→ **Material for this task**
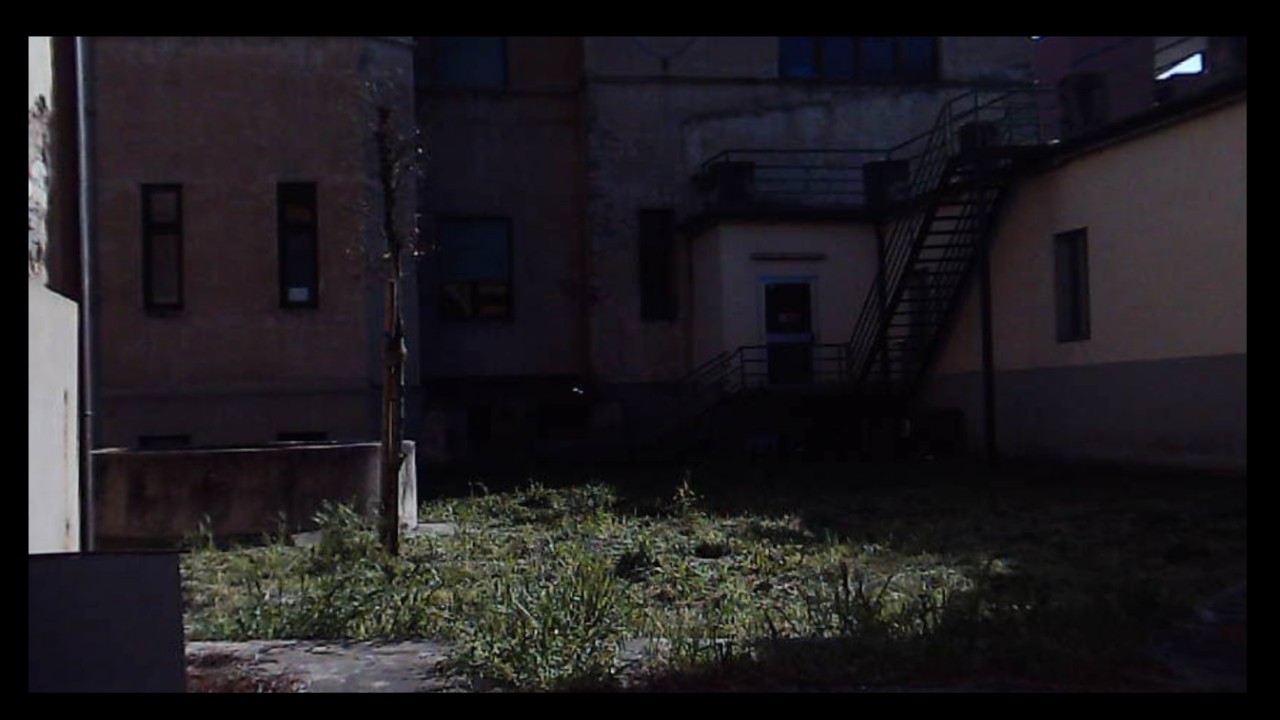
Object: Betafpv air75
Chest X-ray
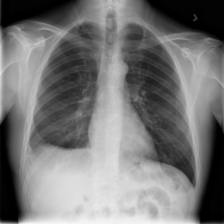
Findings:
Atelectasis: negative
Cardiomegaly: negative
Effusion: negative
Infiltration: negative
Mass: negative
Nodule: negative
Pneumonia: negative
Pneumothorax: negative
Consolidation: negative
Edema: negative
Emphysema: negative
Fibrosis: negative
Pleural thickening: negative
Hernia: negative
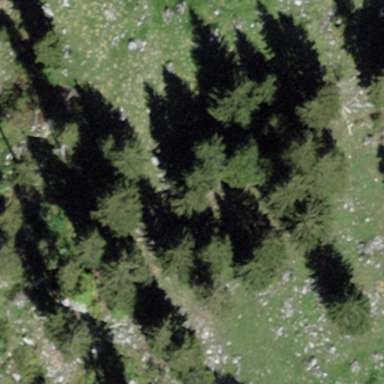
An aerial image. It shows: Forest area.
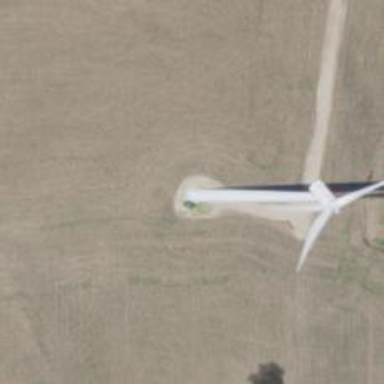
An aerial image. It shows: Wind generator with horizontal axis. The generator is wind turbine.
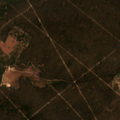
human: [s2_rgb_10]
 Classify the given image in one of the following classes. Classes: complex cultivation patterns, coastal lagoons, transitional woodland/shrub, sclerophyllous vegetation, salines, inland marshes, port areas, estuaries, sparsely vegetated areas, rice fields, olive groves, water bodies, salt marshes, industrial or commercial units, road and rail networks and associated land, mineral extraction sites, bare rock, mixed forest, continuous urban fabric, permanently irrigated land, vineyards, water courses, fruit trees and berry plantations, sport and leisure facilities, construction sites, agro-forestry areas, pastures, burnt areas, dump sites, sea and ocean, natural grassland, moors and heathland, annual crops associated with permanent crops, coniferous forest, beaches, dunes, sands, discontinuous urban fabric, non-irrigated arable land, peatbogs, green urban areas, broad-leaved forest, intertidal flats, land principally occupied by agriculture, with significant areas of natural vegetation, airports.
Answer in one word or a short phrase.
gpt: broad-leaved forest, transitional woodland/shrub
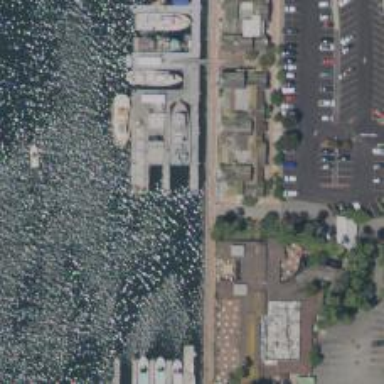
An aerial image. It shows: Man-made pier.
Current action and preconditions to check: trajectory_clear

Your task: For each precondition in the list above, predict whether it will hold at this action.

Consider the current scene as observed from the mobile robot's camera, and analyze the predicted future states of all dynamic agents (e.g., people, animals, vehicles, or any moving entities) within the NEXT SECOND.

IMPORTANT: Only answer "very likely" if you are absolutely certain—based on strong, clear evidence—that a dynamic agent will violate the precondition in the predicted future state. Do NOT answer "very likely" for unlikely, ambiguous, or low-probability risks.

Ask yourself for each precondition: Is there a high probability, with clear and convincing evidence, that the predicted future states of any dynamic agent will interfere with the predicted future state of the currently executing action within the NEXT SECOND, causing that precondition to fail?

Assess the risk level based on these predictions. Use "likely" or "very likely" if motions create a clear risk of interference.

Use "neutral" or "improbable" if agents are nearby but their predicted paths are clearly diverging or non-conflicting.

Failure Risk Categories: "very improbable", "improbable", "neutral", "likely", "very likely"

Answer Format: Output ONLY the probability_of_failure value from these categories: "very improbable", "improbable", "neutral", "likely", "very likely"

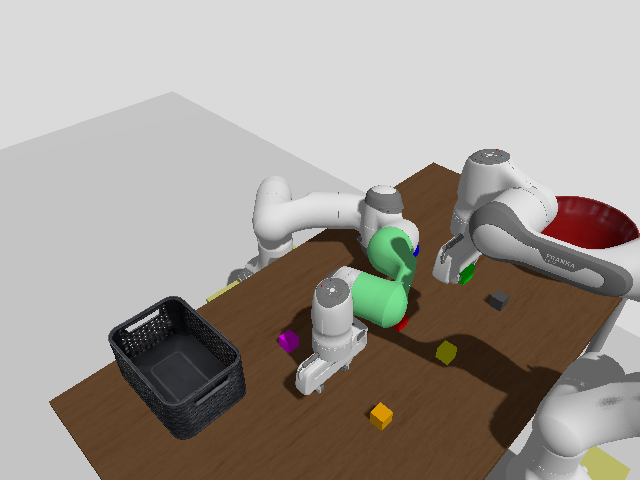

→ **Action item**
Retype the listing exactly. Leave the pictures out.

→ **Answer to this task**
Object: Betafpv air75
Chest X-ray
Findings:
Atelectasis: negative
Cardiomegaly: negative
Effusion: negative
Infiltration: negative
Mass: negative
Nodule: negative
Pneumonia: negative
Pneumothorax: negative
Consolidation: negative
Edema: negative
Emphysema: negative
Fibrosis: negative
Pleural thickening: negative
Hernia: negative
An aerial image. It shows: Forest area.
An aerial image. It shows: Wind generator with horizontal axis. The generator is wind turbine.
human: [s2_rgb_10]
 Classify the given image in one of the following classes. Classes: complex cultivation patterns, coastal lagoons, transitional woodland/shrub, sclerophyllous vegetation, salines, inland marshes, port areas, estuaries, sparsely vegetated areas, rice fields, olive groves, water bodies, salt marshes, industrial or commercial units, road and rail networks and associated land, mineral extraction sites, bare rock, mixed forest, continuous urban fabric, permanently irrigated land, vineyards, water courses, fruit trees and berry plantations, sport and leisure facilities, construction sites, agro-forestry areas, pastures, burnt areas, dump sites, sea and ocean, natural grassland, moors and heathland, annual crops associated with permanent crops, coniferous forest, beaches, dunes, sands, discontinuous urban fabric, non-irrigated arable land, peatbogs, green urban areas, broad-leaved forest, intertidal flats, land principally occupied by agriculture, with significant areas of natural vegetation, airports.
Answer in one word or a short phrase.
gpt: broad-leaved forest, transitional woodland/shrub
An aerial image. It shows: Man-made pier.
Current action and preconditions to check: trajectory_clear

Your task: For each precondition in the list above, predict whether it will hold at this action.

Consider the current scene as observed from the mobile robot's camera, and analyze the predicted future states of all dynamic agents (e.g., people, animals, vehicles, or any moving entities) within the NEXT SECOND.

IMPORTANT: Only answer "very likely" if you are absolutely certain—based on strong, clear evidence—that a dynamic agent will violate the precondition in the predicted future state. Do NOT answer "very likely" for unlikely, ambiguous, or low-probability risks.

Ask yourself for each precondition: Is there a high probability, with clear and convincing evidence, that the predicted future states of any dynamic agent will interfere with the predicted future state of the currently executing action within the NEXT SECOND, causing that precondition to fail?

Assess the risk level based on these predictions. Use "likely" or "very likely" if motions create a clear risk of interference.

Use "neutral" or "improbable" if agents are nearby but their predicted paths are clearly diverging or non-conflicting.

Failure Risk Categories: "very improbable", "improbable", "neutral", "likely", "very likely"

Answer Format: Output ONLY the probability_of_failure value from these categories: "very improbable", "improbable", "neutral", "likely", "very likely"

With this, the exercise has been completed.